昨年のベラルーシ大統領選で再選を果たしたルカシェンコ氏は、大規模な抗議活動を起こした市民を弾圧し、広く信用を失うこととなった。EUは同氏に制裁を科している。
欧州委員会は、ルカシェンコ氏が制裁への報復として、移民を押し出しているとしている。
活動家たちは、移民がベラルーシとEU近隣諸国との間の政治ゲームの駒として使われていると主張している。
リトアニアの状況
リトアニアはベラルーシとの国境に部隊を配備し、移民の流入に備えている。同国政府は非常事態の宣言は予防的措置だとしている。
リトアニアの副内相はBBCの取材に対し、同国に違法に入国したとして拘束された20数人について、テロ組織と関係している疑いがあると述べた。
拘束者のほとんどが偽の身分証を提示していたとし、現在身元を調べているという。
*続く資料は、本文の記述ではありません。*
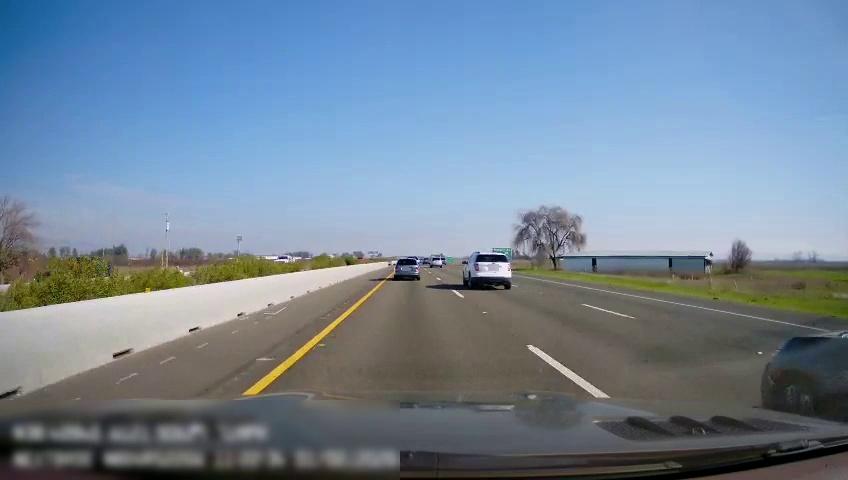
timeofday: Day
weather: Sunny
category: Drivable Space
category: Vehicles | Car
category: Vehicles | SUV
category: Vehicles | Car
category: Vehicles | Car
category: Vehicles | SUV
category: Lanes | Current Lane
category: Lanes | Current Lane
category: Lanes | Alternate Lane
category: Lanes | Alternate Lane
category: Traffic | Signs

どのテロ組織との関係が疑われるのかや、拘束した時期についてはコメントしなかった。
「大勢が国境を越える場合、常に一定のリスクが伴う」と副内相は述べた。
「すべてのEU加盟国は、テロの脅威をある程度抱えている。そのような活動を防ぐために、我々の情報機関は最善を尽くしている」
ベラルーシの主張
ルカシェンコ氏はベラルーシ国営の通信社のインタビューで、ロシアを紛争に巻き込むことにつながるような、国境での軍事的な事態悪化は避けたいと述べた。
また、自分は「狂人ではなく」、何が危機にひんしているのかは分かっているとした。ただ、「自分たちがひざまずくことはない」と、抵抗する姿勢は崩さなかった。
ベラルーシ国防省は、ポーランドが国境に数千人の部隊を派遣し、協定に違反したとして非難した。
ベラルーシは、移民は合法的にやってきているとし、同国は単に移民を「温かくもてなす国として」行動していると主張している。
ロシアは同盟国の国境問題への「責任ある」対応を称賛し、状況を注視しているとしている。